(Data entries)
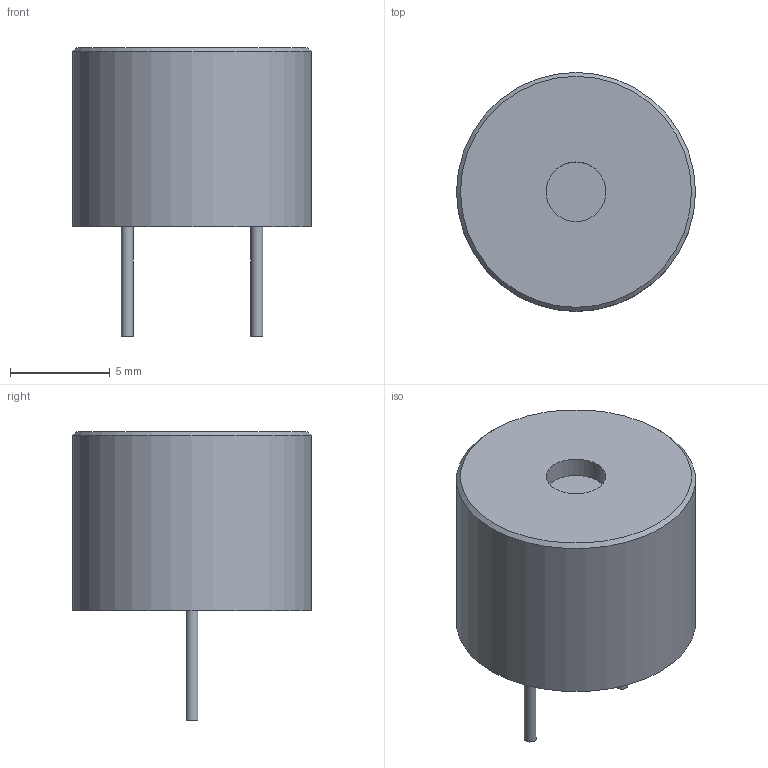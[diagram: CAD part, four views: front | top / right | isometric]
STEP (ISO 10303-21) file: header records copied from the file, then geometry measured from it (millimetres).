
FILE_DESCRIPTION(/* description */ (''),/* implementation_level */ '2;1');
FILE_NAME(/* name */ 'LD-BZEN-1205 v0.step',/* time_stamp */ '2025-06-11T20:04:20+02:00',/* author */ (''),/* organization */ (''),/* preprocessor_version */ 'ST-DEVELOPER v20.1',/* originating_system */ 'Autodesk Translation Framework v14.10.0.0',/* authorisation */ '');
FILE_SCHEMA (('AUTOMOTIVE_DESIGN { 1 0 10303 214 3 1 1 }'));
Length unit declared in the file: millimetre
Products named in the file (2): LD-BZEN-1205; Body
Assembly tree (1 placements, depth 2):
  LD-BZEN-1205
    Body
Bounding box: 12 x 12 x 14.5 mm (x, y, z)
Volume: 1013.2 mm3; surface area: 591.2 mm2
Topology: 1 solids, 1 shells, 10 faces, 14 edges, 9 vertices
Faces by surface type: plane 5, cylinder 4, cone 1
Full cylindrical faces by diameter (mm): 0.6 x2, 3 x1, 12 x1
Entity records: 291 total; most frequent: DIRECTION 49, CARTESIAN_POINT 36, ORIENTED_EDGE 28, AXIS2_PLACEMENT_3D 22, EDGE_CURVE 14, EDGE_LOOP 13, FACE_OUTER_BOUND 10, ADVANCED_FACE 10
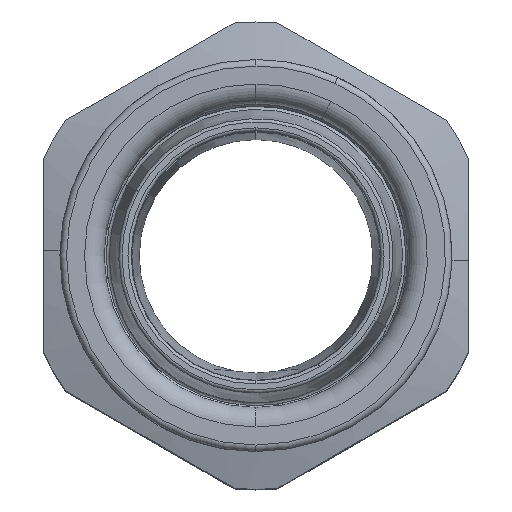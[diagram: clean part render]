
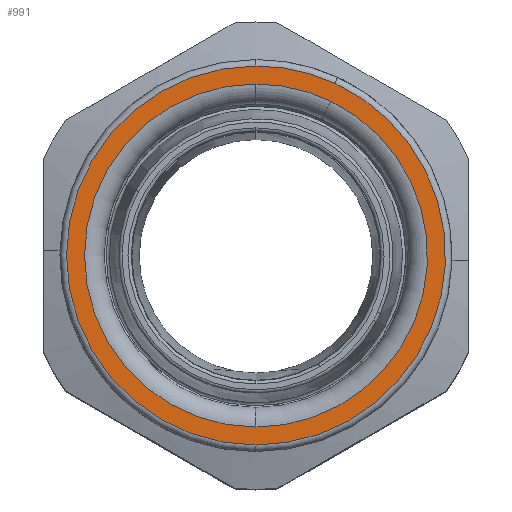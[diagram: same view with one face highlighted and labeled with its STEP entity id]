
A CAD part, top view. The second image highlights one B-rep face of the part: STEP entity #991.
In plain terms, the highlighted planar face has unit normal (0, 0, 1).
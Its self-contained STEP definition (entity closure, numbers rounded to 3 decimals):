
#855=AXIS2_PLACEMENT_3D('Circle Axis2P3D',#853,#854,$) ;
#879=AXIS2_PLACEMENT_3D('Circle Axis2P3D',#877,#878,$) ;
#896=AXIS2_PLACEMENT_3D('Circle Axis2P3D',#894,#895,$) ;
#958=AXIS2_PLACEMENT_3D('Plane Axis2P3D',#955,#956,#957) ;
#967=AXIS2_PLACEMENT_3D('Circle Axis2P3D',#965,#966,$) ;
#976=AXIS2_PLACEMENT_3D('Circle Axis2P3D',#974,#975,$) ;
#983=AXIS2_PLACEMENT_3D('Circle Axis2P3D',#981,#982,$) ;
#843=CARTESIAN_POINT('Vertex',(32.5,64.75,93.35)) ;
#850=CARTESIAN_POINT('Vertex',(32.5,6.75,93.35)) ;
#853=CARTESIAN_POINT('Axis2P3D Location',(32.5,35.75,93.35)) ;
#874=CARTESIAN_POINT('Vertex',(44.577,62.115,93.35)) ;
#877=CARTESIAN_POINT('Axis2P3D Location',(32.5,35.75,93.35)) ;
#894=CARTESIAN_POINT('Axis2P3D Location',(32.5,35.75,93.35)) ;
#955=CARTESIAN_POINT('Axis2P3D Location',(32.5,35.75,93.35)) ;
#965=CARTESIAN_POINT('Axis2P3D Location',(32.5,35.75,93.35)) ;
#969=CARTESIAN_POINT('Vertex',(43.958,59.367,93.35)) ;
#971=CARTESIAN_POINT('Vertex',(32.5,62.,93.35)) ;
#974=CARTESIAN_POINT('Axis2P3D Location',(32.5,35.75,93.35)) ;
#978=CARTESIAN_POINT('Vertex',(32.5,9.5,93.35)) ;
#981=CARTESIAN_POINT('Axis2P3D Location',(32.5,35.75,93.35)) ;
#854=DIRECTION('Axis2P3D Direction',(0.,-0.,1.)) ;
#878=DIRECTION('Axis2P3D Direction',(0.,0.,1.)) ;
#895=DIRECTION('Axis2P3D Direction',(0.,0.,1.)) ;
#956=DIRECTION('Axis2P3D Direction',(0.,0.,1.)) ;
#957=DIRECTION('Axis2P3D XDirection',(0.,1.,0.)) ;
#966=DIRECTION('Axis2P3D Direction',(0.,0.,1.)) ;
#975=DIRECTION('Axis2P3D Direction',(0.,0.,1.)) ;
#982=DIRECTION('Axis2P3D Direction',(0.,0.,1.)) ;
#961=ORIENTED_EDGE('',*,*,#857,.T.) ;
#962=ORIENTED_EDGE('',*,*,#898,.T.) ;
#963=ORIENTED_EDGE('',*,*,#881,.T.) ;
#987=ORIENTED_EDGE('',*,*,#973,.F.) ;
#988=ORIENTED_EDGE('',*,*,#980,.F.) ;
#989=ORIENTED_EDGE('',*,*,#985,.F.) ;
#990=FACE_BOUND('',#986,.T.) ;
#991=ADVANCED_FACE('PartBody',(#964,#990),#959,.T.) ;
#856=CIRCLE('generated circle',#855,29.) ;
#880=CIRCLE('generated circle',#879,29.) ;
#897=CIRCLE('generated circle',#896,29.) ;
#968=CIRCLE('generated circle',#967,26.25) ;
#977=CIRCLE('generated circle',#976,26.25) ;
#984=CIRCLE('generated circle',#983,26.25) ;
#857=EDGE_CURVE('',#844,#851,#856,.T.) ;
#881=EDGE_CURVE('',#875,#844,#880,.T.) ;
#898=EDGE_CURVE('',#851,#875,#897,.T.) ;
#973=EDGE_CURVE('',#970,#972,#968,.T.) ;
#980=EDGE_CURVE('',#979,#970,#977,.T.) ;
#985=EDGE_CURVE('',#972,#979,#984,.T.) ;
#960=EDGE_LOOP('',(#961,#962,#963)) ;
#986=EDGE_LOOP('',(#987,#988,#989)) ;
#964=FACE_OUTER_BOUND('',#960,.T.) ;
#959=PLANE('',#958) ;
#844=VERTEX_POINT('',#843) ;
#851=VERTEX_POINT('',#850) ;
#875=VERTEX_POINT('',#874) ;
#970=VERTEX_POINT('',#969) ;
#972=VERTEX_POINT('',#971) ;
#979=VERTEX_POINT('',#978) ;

Assignment — Return, word for word, the lines of the data above from the line with "#975=DIRECTION('Axis2P3D Direction',(0.,0.,1.)) ;" through the line with "#987=ORIENTED_EDGE('',*,*,#973,.F.) ;", inclusive.

Problem solution —
#975=DIRECTION('Axis2P3D Direction',(0.,0.,1.)) ;
#982=DIRECTION('Axis2P3D Direction',(0.,0.,1.)) ;
#961=ORIENTED_EDGE('',*,*,#857,.T.) ;
#962=ORIENTED_EDGE('',*,*,#898,.T.) ;
#963=ORIENTED_EDGE('',*,*,#881,.T.) ;
#987=ORIENTED_EDGE('',*,*,#973,.F.) ;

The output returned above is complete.